EXERCISE BRIEF: Transcribe the data exactly, omitting whatever pictures it holds.

MATERIAL PROVIDED:

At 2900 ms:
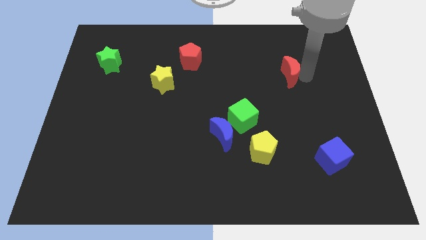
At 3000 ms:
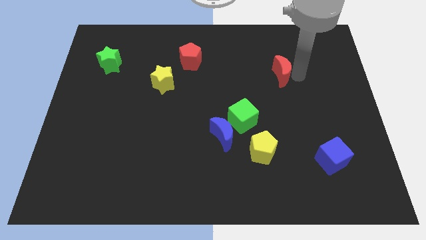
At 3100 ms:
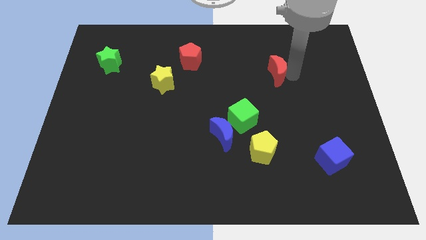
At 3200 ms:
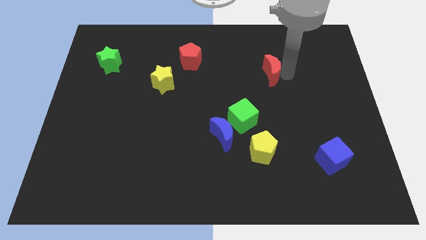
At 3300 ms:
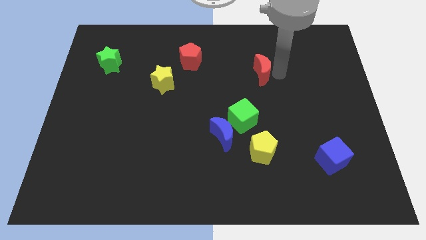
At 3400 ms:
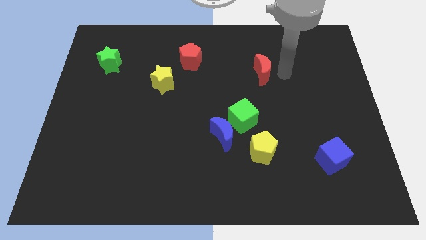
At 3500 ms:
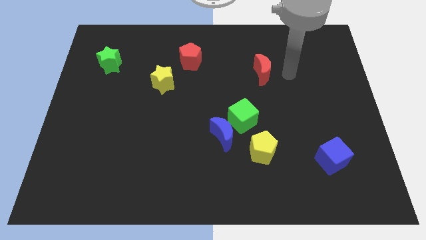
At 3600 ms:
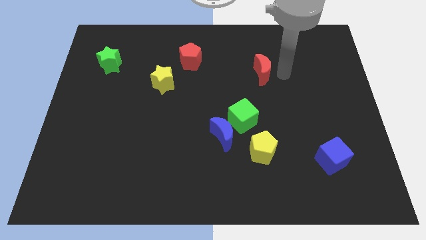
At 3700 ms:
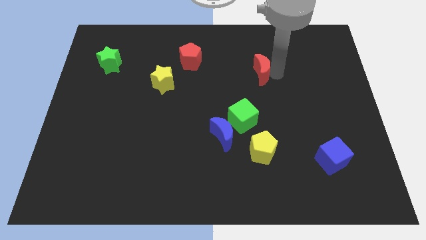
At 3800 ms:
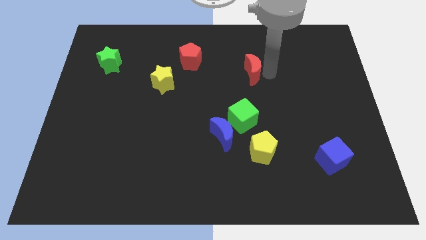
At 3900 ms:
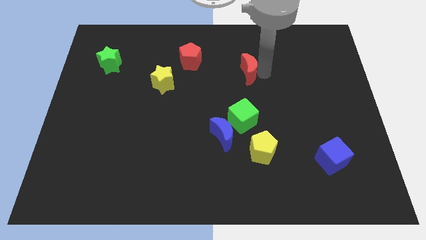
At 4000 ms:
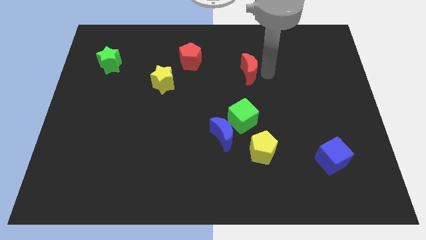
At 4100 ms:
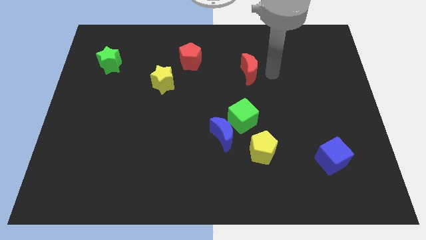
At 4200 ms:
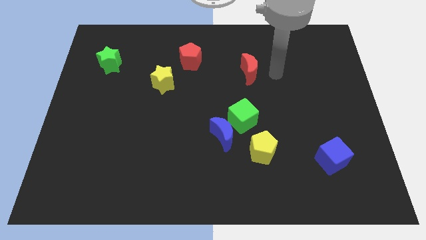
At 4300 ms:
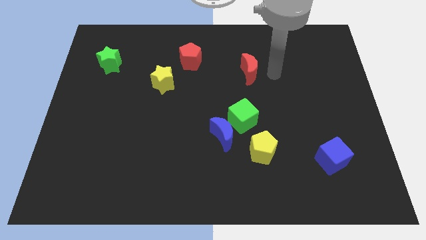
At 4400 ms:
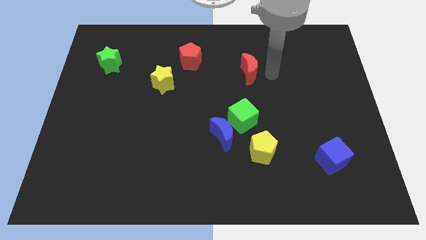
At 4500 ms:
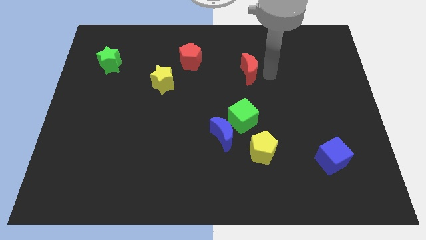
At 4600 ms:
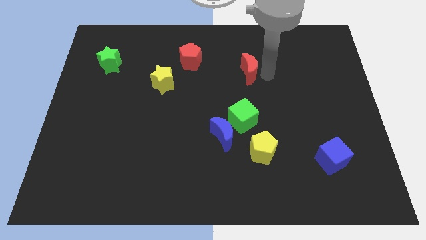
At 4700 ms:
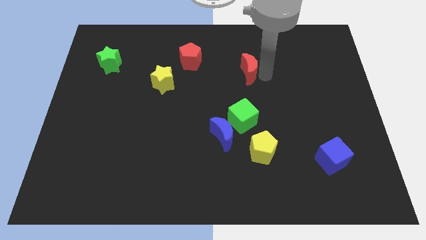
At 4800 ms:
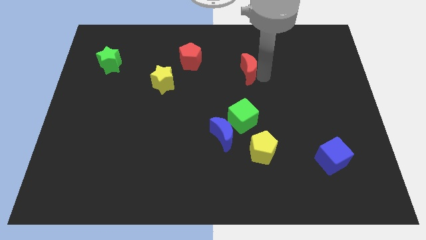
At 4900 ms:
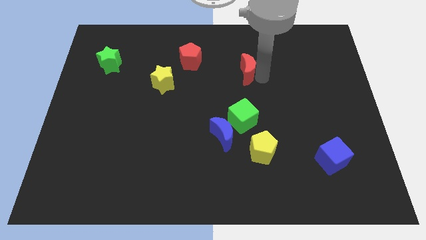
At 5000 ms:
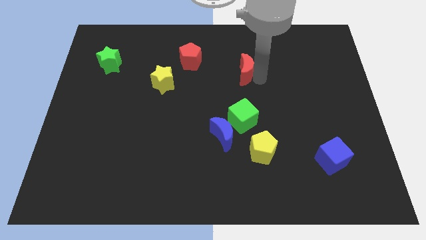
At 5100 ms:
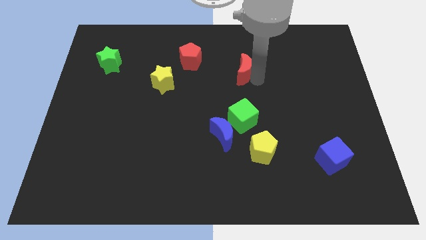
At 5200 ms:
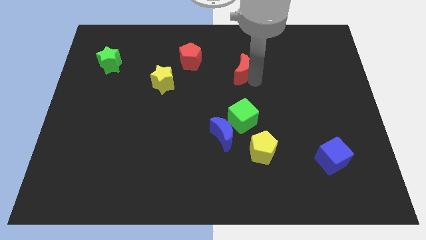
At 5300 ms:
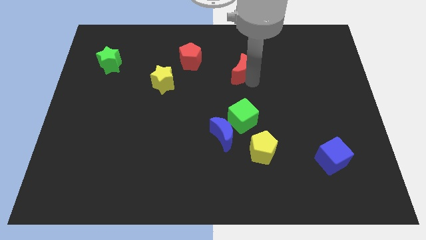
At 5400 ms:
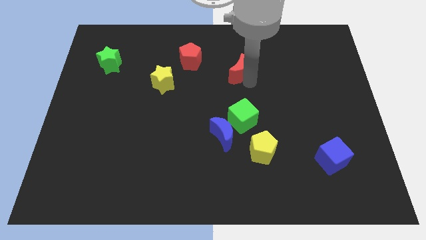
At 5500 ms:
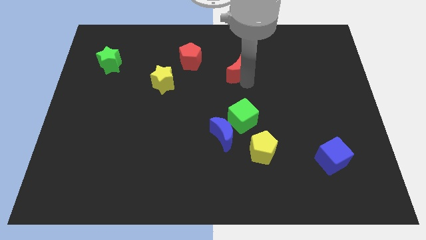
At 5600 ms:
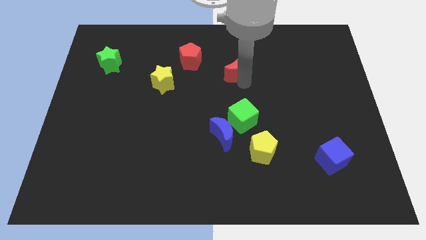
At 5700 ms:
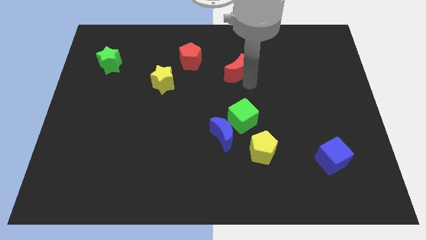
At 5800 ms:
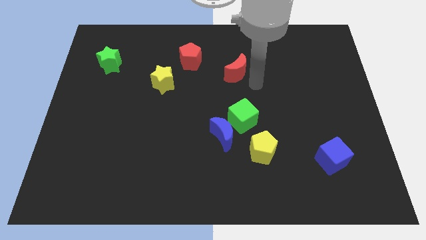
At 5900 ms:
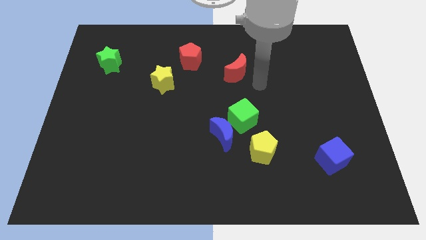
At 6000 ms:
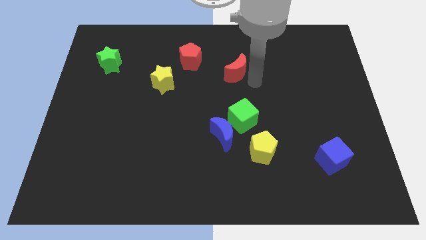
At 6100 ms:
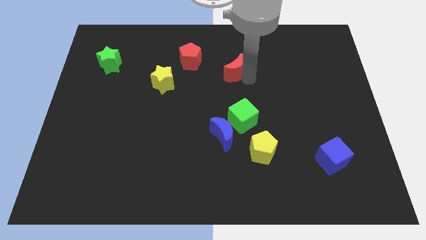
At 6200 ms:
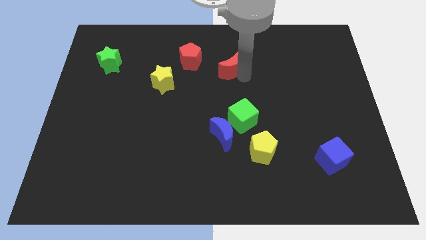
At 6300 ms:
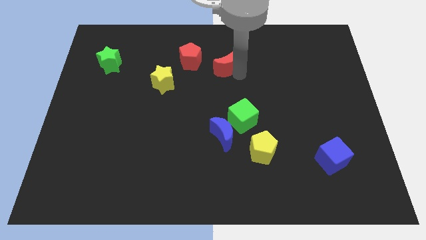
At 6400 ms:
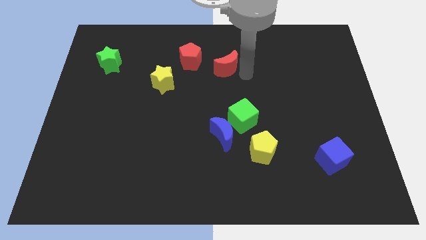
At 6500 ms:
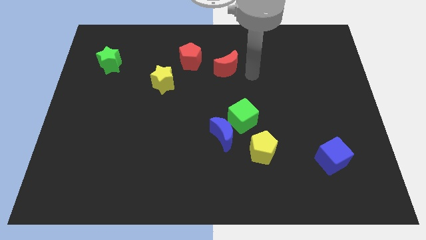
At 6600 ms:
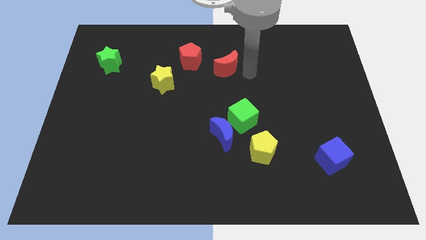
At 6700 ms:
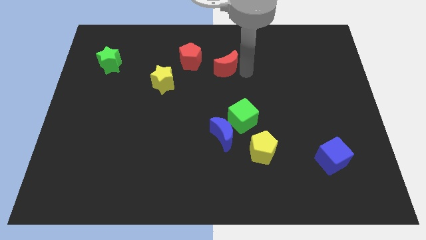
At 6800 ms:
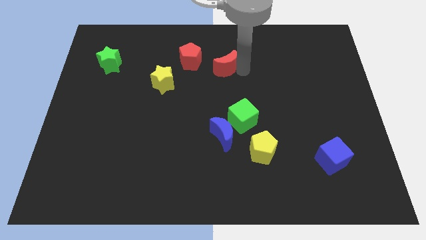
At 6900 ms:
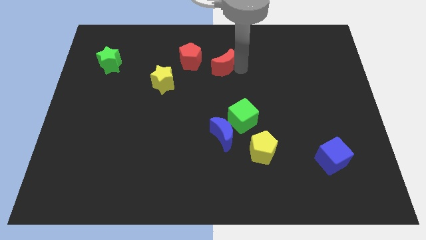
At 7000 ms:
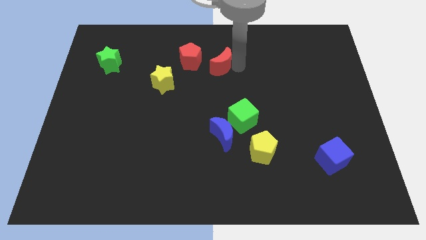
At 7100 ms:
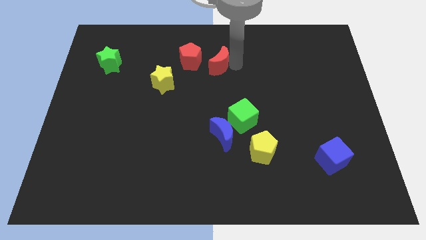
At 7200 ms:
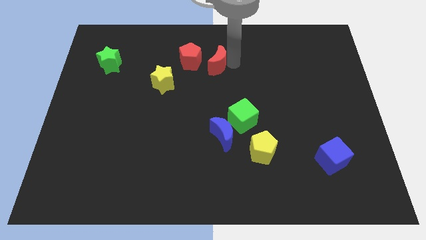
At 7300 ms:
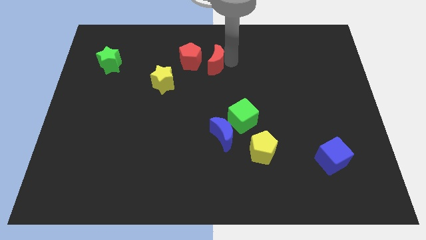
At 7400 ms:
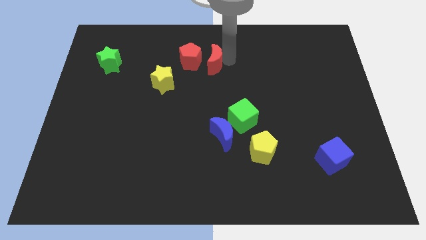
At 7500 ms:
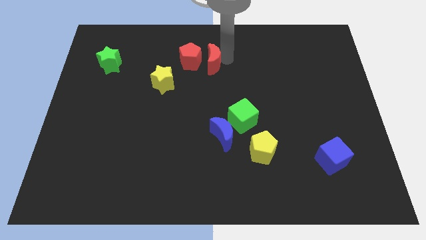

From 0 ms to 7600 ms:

SOLUTION TO THIS TASK:
At 2900 ms:
At 3000 ms:
At 3100 ms:
At 3200 ms:
At 3300 ms:
At 3400 ms:
At 3500 ms:
At 3600 ms:
At 3700 ms:
At 3800 ms:
At 3900 ms:
At 4000 ms:
At 4100 ms:
At 4200 ms:
At 4300 ms:
At 4400 ms:
At 4500 ms:
At 4600 ms:
At 4700 ms:
At 4800 ms:
At 4900 ms:
At 5000 ms:
At 5100 ms:
At 5200 ms:
At 5300 ms:
At 5400 ms:
At 5500 ms:
At 5600 ms:
At 5700 ms:
At 5800 ms:
At 5900 ms:
At 6000 ms:
At 6100 ms:
At 6200 ms:
At 6300 ms:
At 6400 ms:
At 6500 ms:
At 6600 ms:
At 6700 ms:
At 6800 ms:
At 6900 ms:
At 7000 ms:
At 7100 ms:
At 7200 ms:
At 7300 ms:
At 7400 ms:
At 7500 ms:

From 0 ms to 7600 ms:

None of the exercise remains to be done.